Data for processing below:
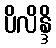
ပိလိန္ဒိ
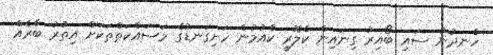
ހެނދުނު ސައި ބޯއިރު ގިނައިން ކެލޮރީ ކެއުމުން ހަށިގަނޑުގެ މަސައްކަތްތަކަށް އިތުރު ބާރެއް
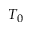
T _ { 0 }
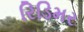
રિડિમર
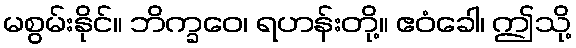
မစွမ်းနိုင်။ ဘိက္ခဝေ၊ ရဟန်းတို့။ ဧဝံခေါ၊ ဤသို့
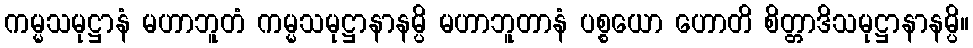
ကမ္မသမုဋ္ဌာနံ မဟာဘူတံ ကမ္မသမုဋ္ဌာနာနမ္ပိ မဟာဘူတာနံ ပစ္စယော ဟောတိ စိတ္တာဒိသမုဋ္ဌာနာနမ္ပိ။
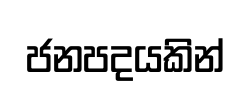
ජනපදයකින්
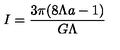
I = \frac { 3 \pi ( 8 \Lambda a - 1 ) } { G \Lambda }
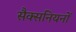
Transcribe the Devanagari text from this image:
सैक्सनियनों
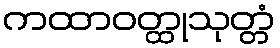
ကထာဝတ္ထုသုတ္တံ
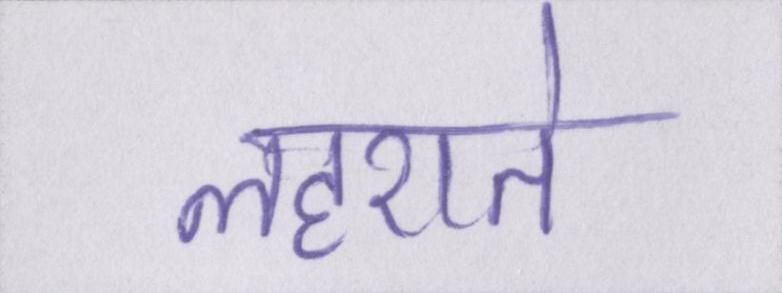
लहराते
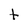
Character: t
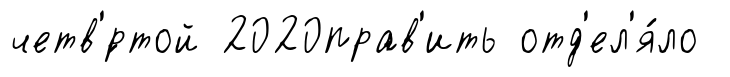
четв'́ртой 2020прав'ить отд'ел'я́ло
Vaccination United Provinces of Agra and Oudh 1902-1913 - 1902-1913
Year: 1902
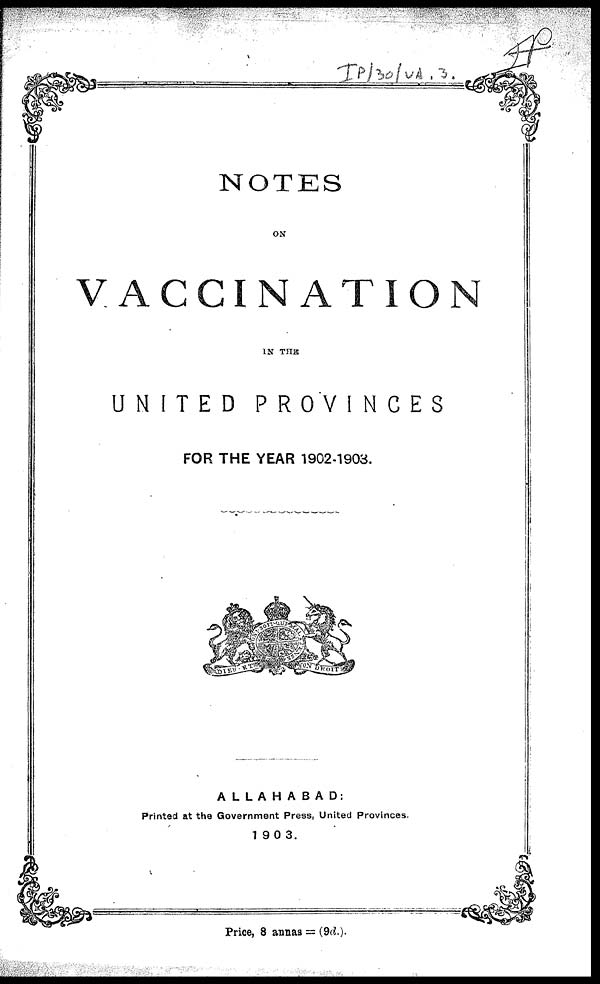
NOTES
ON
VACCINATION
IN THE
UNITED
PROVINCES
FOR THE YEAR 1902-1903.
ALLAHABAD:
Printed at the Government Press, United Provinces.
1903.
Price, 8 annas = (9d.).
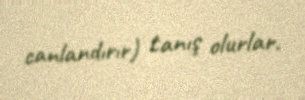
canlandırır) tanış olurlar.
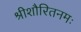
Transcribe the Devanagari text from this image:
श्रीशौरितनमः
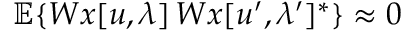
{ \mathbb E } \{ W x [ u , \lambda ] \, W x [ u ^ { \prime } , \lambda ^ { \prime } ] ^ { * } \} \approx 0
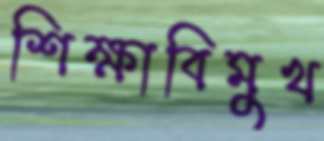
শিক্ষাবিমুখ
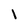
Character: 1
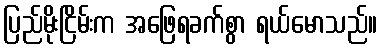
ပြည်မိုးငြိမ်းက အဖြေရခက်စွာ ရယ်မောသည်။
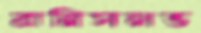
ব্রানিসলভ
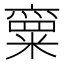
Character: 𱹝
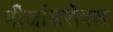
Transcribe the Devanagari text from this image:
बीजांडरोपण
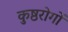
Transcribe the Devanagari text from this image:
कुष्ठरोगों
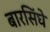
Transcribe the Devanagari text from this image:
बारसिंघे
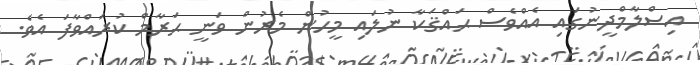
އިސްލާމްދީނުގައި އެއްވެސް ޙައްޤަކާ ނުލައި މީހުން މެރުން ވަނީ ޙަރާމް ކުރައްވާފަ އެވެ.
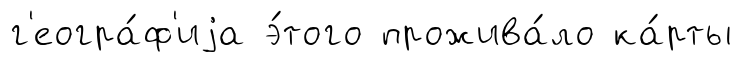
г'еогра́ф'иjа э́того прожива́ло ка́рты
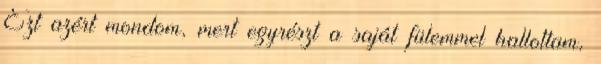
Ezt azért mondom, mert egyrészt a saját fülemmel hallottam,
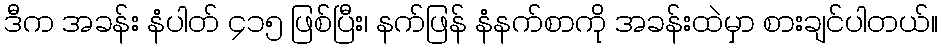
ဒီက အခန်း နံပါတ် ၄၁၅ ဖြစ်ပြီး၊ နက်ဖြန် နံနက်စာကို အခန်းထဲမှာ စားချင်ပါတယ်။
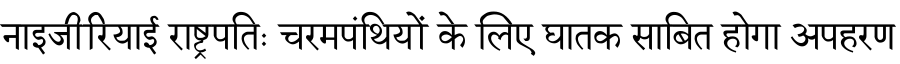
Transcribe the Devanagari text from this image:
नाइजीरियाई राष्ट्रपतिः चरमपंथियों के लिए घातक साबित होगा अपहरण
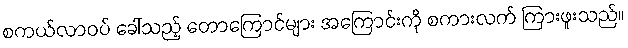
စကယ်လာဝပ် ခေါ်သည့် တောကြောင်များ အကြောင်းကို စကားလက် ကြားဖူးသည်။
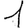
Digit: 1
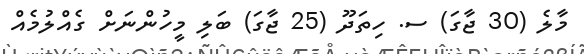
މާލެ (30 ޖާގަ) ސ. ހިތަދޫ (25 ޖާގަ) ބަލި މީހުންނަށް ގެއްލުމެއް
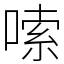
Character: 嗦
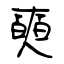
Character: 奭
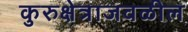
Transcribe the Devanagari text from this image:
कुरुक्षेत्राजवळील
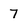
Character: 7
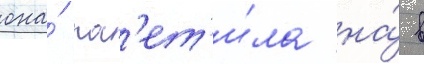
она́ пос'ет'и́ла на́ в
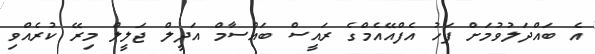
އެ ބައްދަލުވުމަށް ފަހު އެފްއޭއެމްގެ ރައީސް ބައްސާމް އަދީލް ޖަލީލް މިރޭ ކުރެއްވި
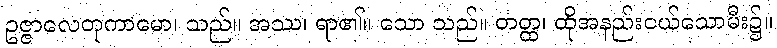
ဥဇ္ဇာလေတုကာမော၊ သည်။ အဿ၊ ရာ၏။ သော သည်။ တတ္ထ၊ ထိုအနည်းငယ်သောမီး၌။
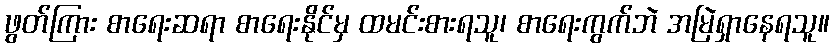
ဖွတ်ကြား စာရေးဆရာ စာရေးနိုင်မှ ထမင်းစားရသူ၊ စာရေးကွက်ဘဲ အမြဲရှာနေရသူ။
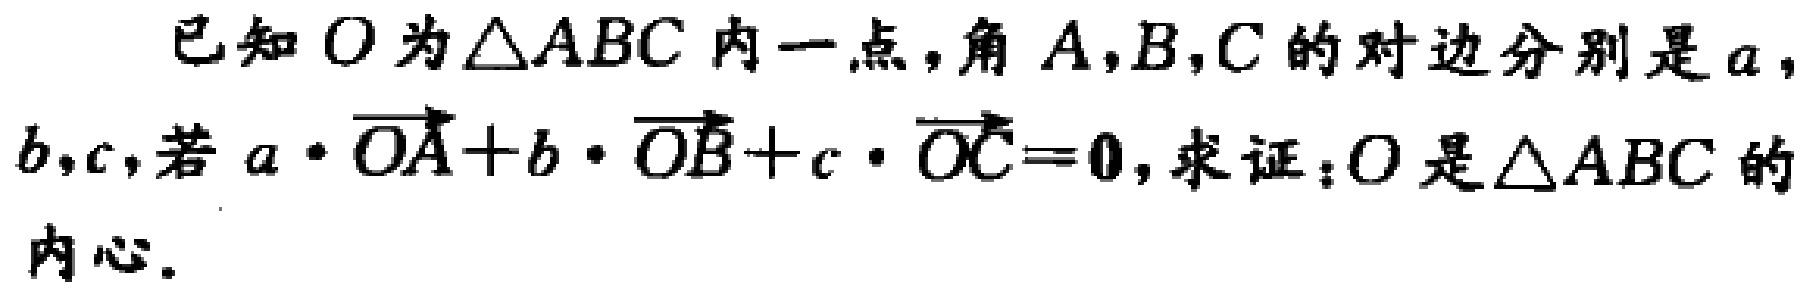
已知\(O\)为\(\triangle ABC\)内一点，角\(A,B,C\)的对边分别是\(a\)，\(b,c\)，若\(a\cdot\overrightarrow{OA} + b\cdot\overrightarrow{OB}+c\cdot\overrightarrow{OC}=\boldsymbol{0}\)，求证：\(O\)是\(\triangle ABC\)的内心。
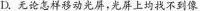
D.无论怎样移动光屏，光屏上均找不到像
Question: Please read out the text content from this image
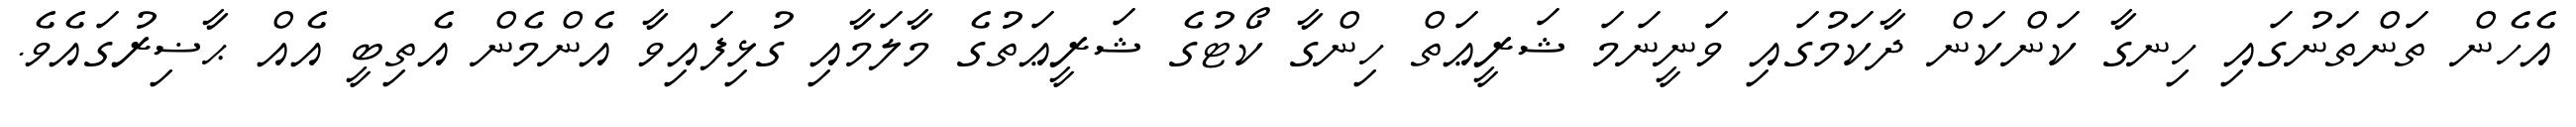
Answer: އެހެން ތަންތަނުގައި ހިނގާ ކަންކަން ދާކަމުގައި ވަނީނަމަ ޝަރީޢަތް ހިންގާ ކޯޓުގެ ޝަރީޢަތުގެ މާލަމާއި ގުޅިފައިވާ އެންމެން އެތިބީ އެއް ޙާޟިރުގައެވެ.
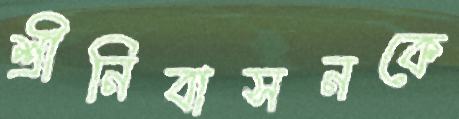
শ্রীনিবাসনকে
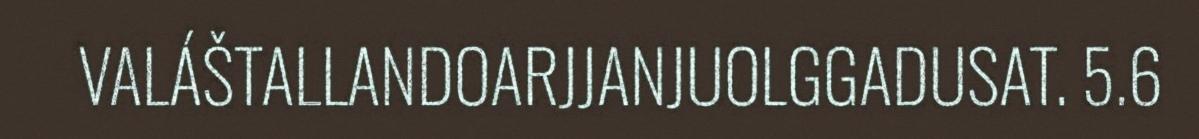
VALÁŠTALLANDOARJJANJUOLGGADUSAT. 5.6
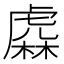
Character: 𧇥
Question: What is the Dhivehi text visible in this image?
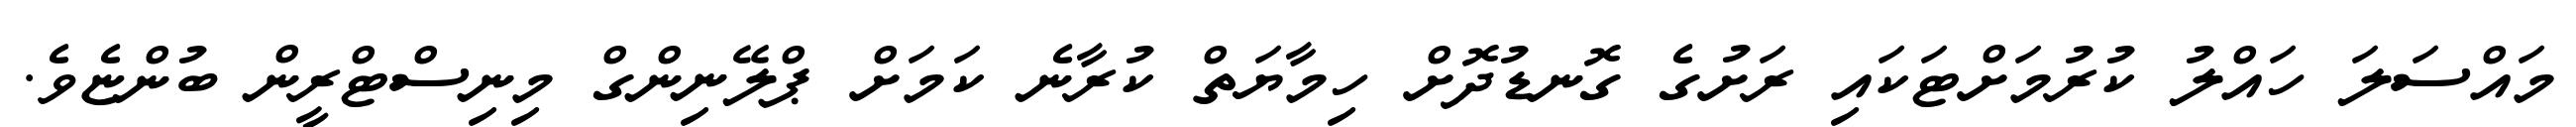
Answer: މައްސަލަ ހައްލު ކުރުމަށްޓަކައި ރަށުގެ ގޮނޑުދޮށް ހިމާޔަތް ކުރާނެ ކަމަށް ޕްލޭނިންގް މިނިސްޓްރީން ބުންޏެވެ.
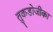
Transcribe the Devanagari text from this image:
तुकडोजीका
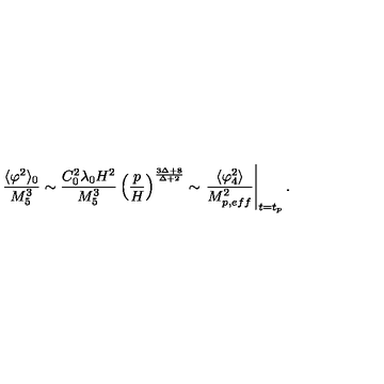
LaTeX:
End of Data for processing.
## Exercise details:
For each line of the data that has the word "Question", report that line.

## Answer to this task:
Question: Please read out the text content from this image
Question: What is the Dhivehi text visible in this image?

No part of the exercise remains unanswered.